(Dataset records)
-- -- --

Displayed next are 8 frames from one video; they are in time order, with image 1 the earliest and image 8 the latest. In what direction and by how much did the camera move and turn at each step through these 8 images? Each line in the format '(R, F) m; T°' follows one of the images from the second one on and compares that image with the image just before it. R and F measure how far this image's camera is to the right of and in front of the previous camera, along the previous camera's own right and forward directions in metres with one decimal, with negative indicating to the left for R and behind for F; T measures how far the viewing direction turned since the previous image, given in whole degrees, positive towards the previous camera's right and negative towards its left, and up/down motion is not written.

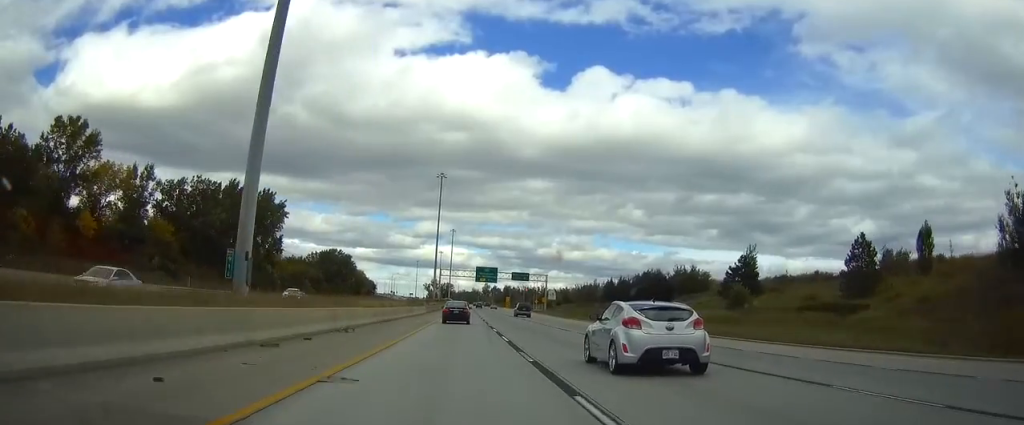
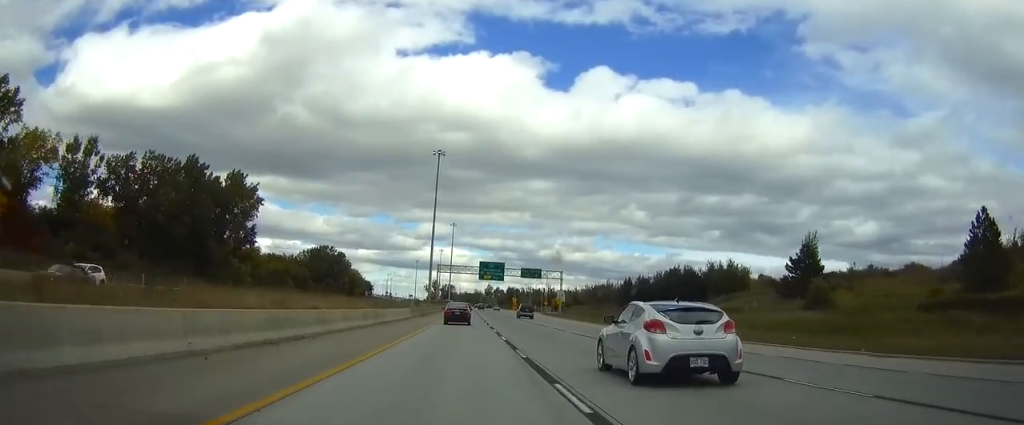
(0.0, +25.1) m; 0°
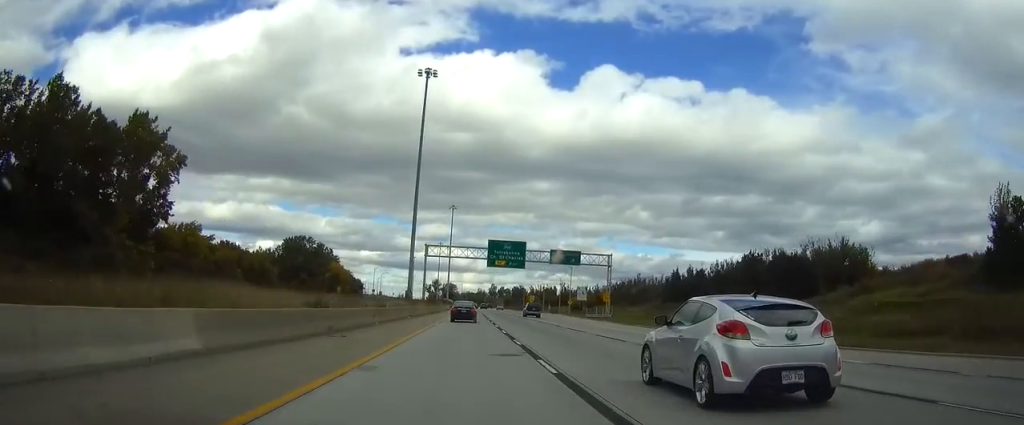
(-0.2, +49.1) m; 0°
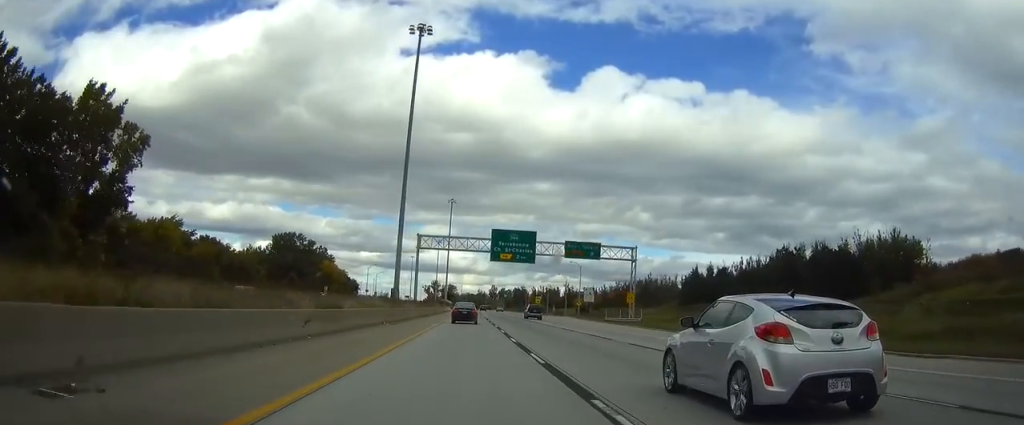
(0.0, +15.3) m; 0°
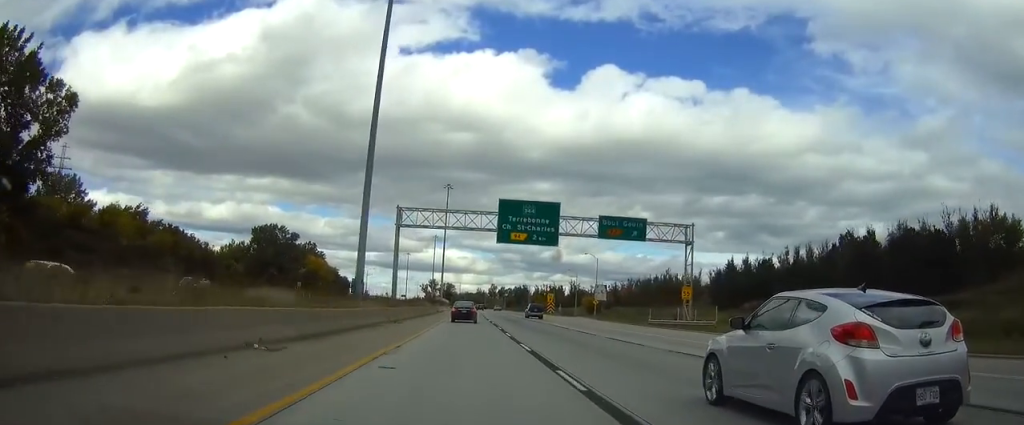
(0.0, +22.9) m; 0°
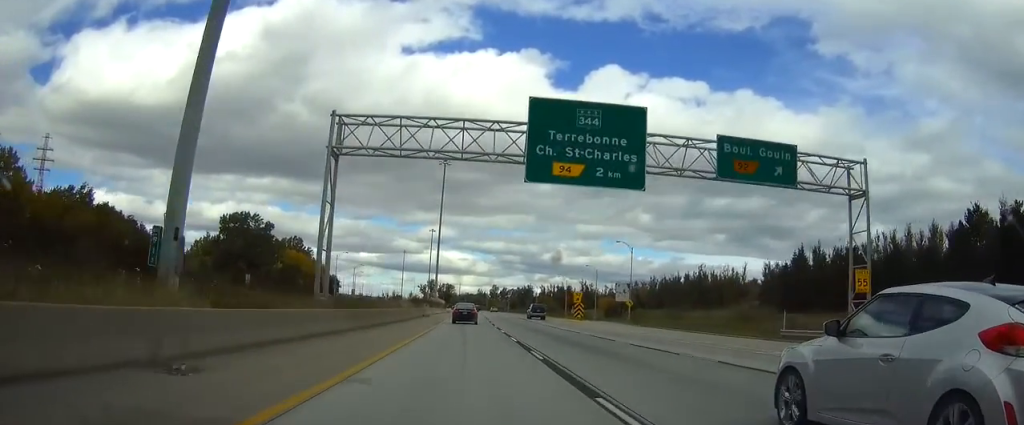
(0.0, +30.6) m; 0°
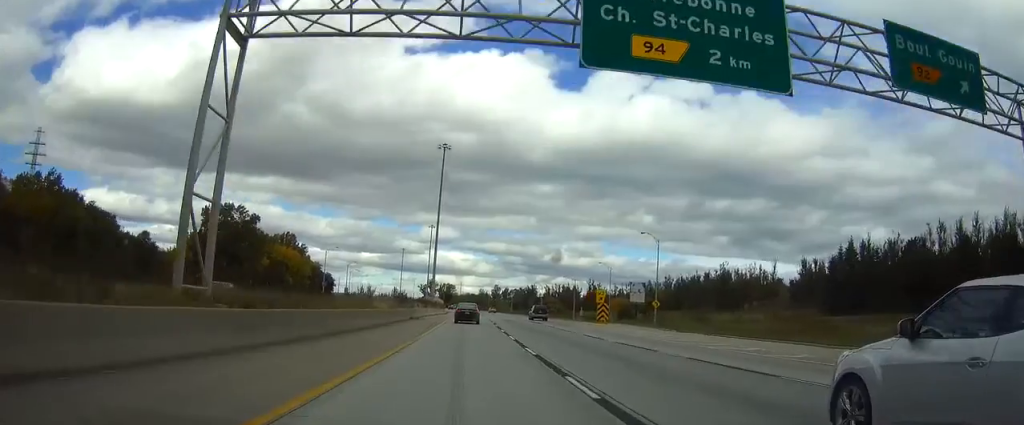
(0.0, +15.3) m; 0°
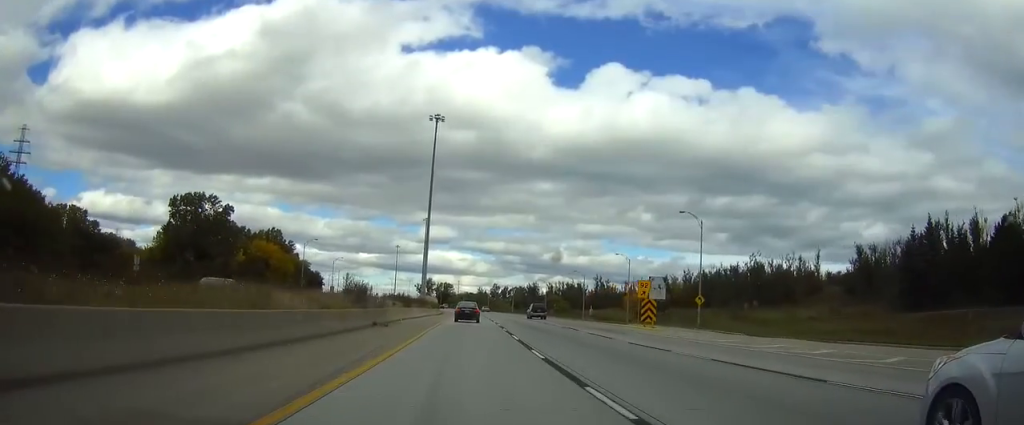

-- -- --

# Task instructions
An exact transcription of the data above is needed, without the pictures.

# Answer for this exercise
Displayed next are 8 frames from one video; they are in time order, with image 1 the earliest and image 8 the latest. In what direction and by how much did the camera move and turn at each step through these 8 images? Each line in the format '(R, F) m; T°' follows one of the images from the second one on and compares that image with the image just before it. R and F measure how far this image's camera is to the right of and in front of the previous camera, along the previous camera's own right and forward directions in metres with one decimal, with negative indicating to the left for R and behind for F; T measures how far the viewing direction turned since the previous image, given in whole degrees, positive towards the previous camera's right and negative towards its left, and up/down motion is not written.

(0.0, +25.1) m; 0°
(-0.2, +49.1) m; 0°
(0.0, +15.3) m; 0°
(0.0, +22.9) m; 0°
(0.0, +30.6) m; 0°
(0.0, +15.3) m; 0°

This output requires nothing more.